───── PROVIDED DATA ─────

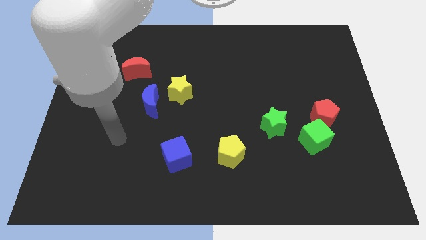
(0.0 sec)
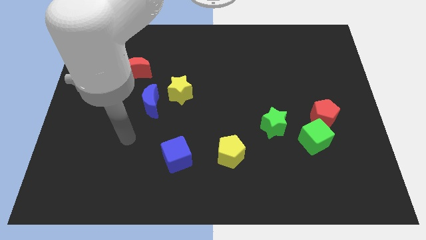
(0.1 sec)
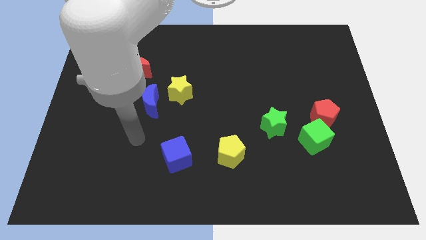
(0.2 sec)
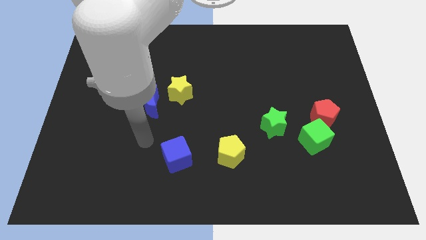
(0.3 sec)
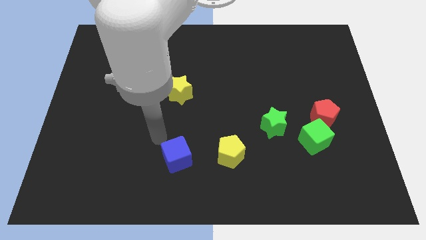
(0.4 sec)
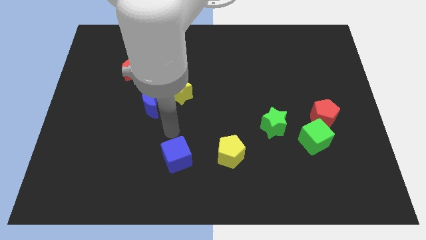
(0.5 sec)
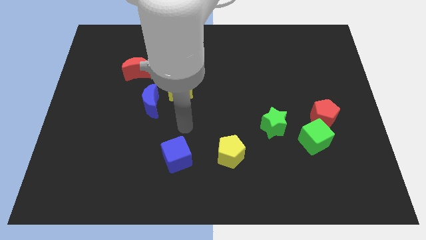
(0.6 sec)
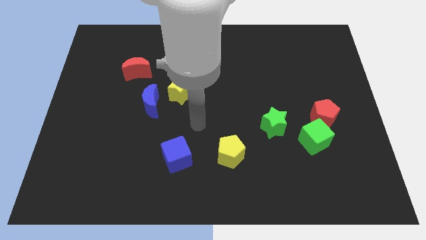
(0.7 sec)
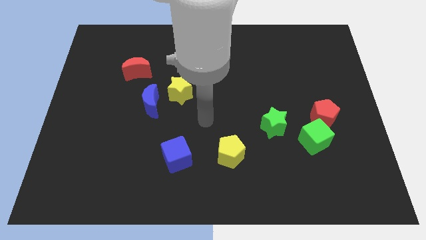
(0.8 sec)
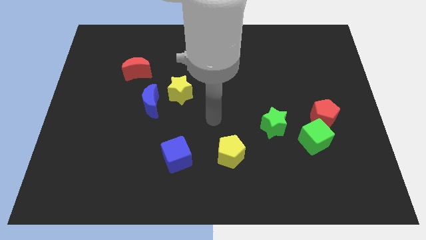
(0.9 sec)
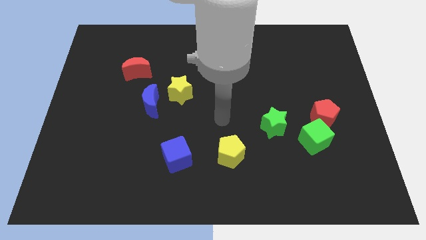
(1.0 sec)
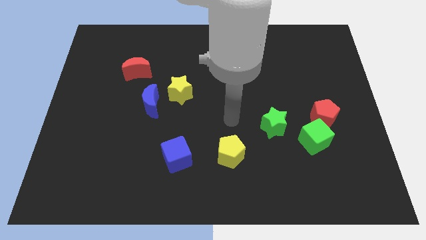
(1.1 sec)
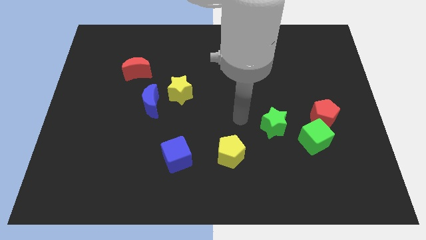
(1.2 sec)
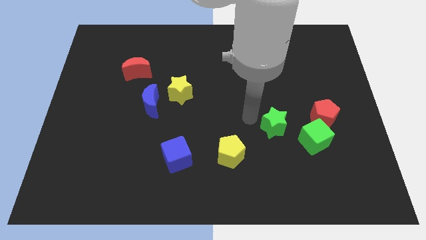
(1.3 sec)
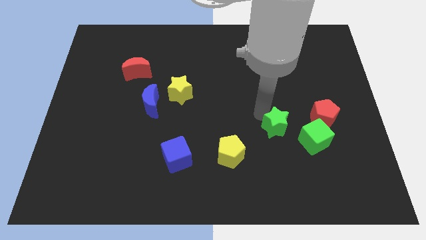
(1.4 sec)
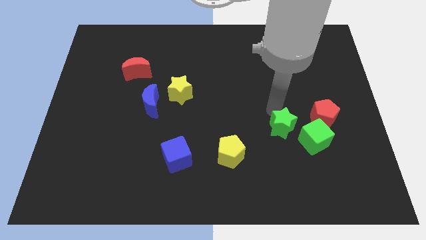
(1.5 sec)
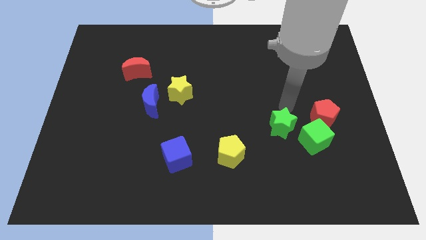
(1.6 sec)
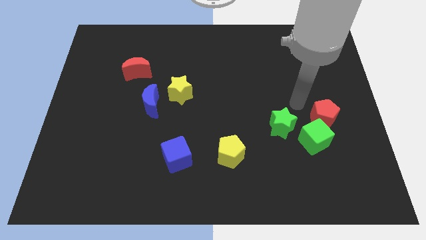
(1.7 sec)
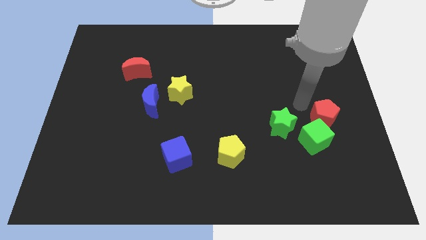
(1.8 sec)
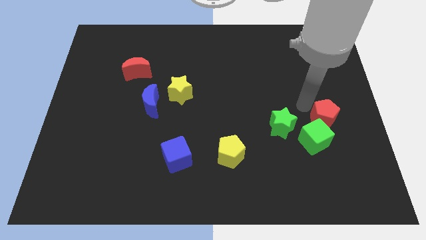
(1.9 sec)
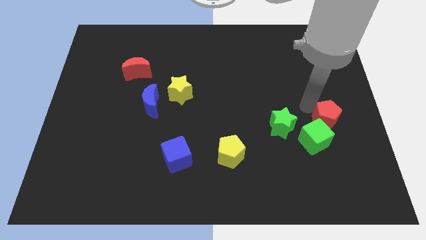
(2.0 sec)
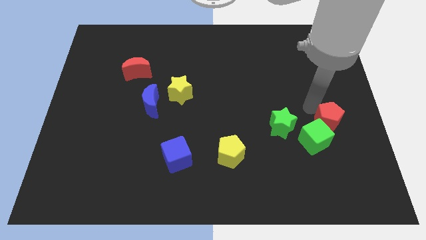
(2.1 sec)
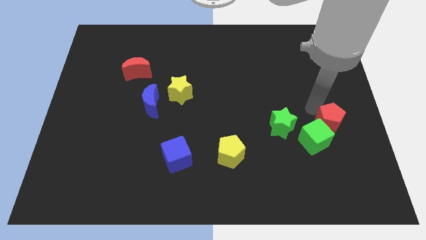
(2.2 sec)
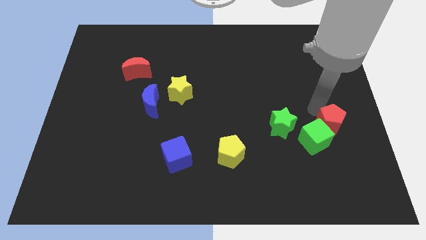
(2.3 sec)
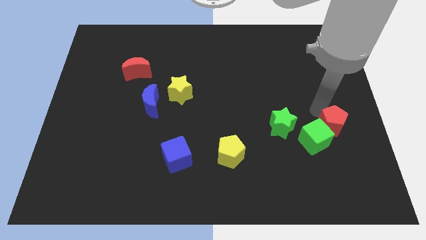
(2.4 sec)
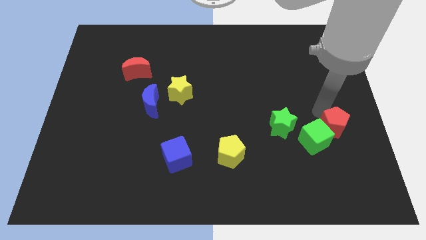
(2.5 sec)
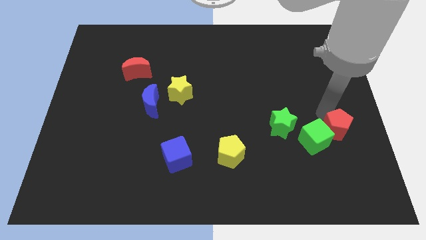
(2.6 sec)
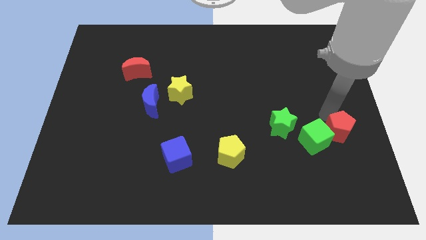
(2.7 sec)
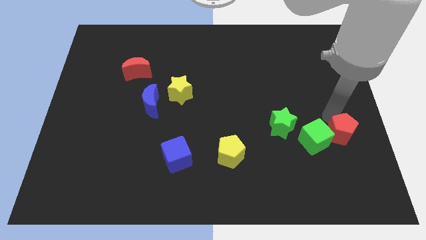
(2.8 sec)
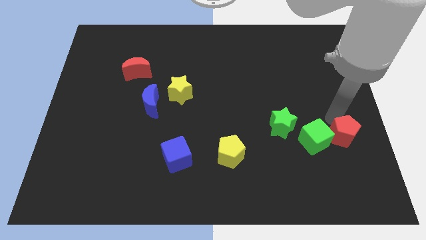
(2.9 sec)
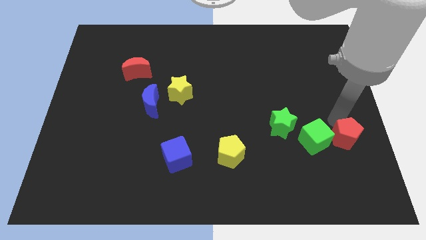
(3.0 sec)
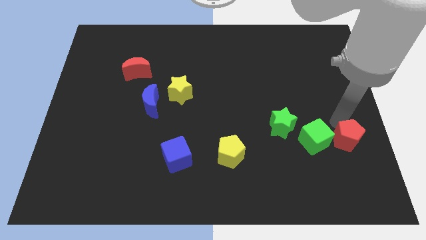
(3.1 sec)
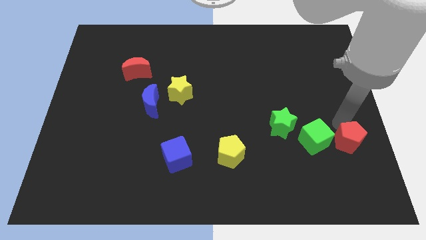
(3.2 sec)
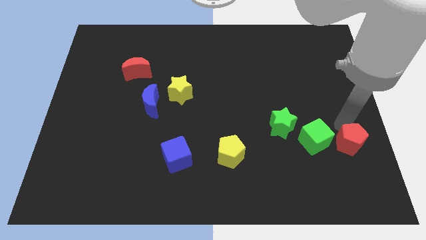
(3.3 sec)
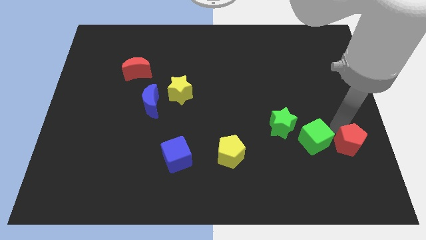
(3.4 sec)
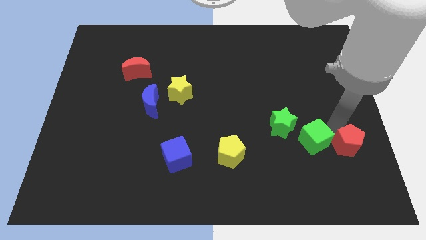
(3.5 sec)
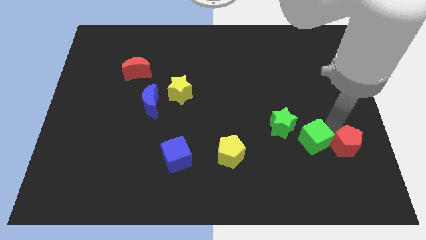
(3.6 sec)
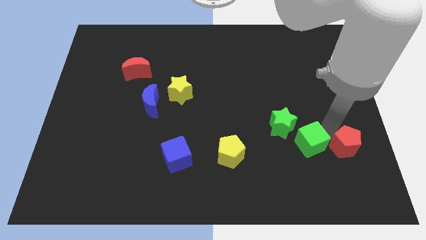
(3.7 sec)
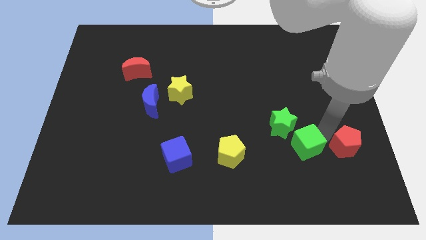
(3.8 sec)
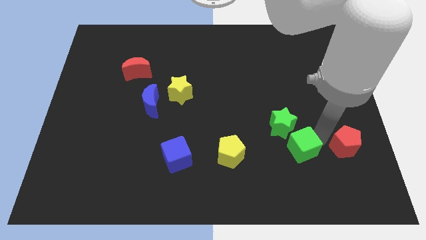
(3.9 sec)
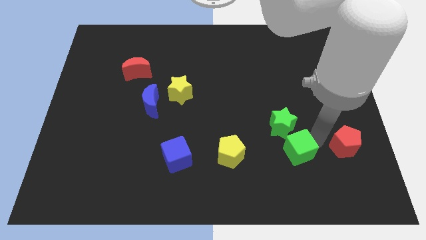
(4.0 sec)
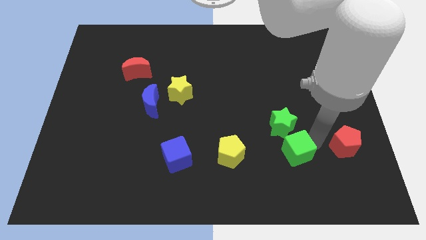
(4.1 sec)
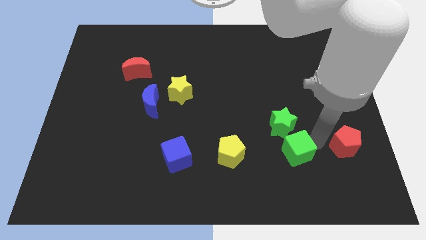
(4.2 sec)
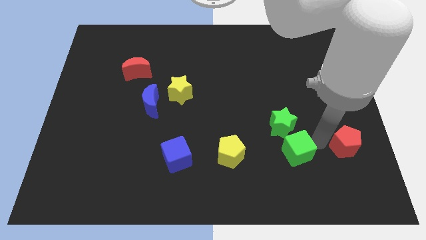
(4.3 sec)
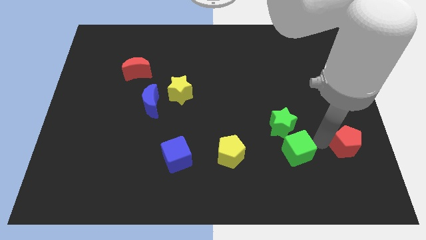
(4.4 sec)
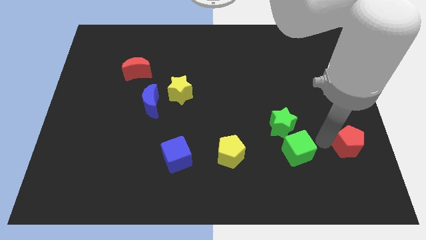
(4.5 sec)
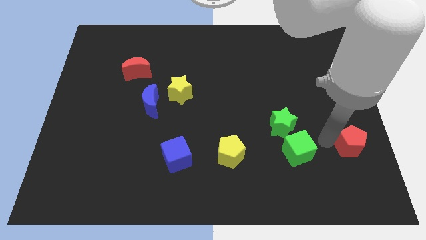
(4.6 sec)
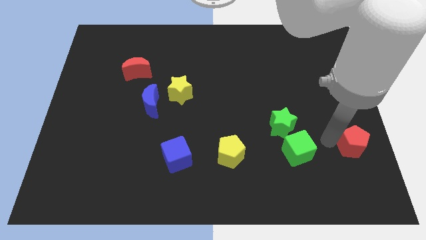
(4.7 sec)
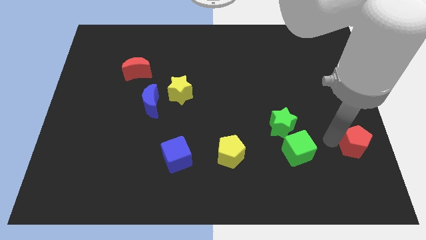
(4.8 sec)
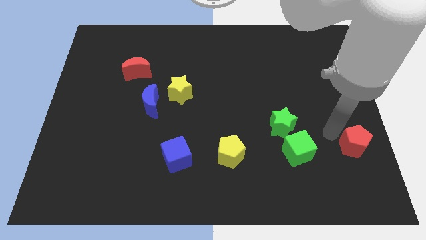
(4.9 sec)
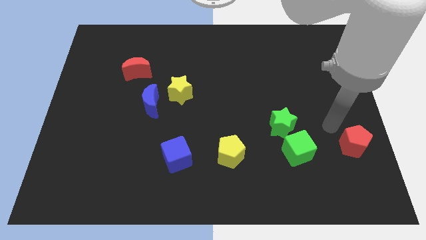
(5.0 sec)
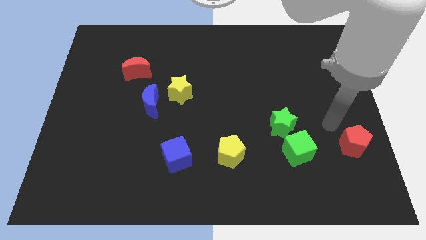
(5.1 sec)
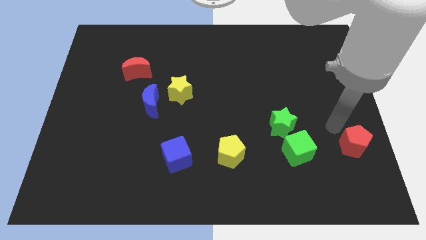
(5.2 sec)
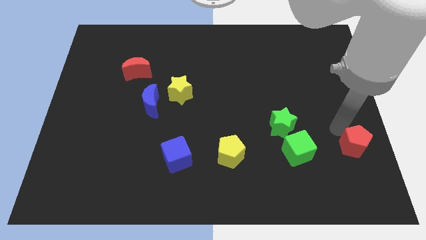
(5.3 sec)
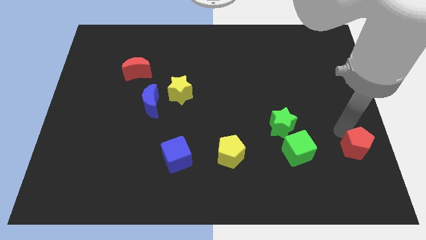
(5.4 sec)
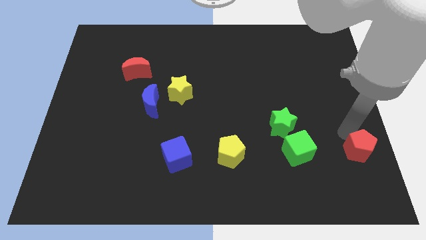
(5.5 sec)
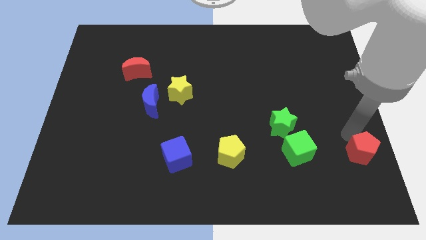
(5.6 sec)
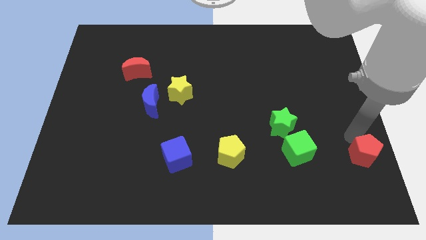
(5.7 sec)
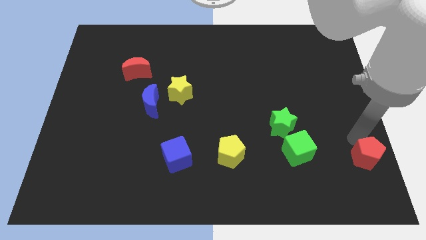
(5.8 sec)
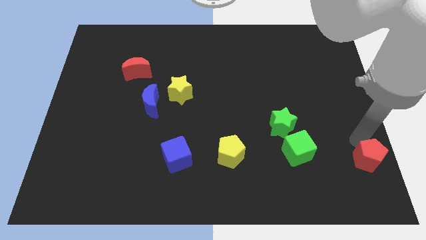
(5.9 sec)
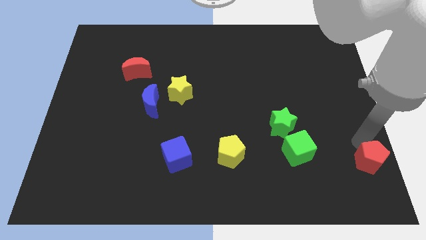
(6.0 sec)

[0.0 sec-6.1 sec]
slide the red pentagon to the bottom right corner

─────

Make an exact copy of the listing, with no images in it.

(0.0 sec)
(0.1 sec)
(0.2 sec)
(0.3 sec)
(0.4 sec)
(0.5 sec)
(0.6 sec)
(0.7 sec)
(0.8 sec)
(0.9 sec)
(1.0 sec)
(1.1 sec)
(1.2 sec)
(1.3 sec)
(1.4 sec)
(1.5 sec)
(1.6 sec)
(1.7 sec)
(1.8 sec)
(1.9 sec)
(2.0 sec)
(2.1 sec)
(2.2 sec)
(2.3 sec)
(2.4 sec)
(2.5 sec)
(2.6 sec)
(2.7 sec)
(2.8 sec)
(2.9 sec)
(3.0 sec)
(3.1 sec)
(3.2 sec)
(3.3 sec)
(3.4 sec)
(3.5 sec)
(3.6 sec)
(3.7 sec)
(3.8 sec)
(3.9 sec)
(4.0 sec)
(4.1 sec)
(4.2 sec)
(4.3 sec)
(4.4 sec)
(4.5 sec)
(4.6 sec)
(4.7 sec)
(4.8 sec)
(4.9 sec)
(5.0 sec)
(5.1 sec)
(5.2 sec)
(5.3 sec)
(5.4 sec)
(5.5 sec)
(5.6 sec)
(5.7 sec)
(5.8 sec)
(5.9 sec)
(6.0 sec)

[0.0 sec-6.1 sec]
slide the red pentagon to the bottom right corner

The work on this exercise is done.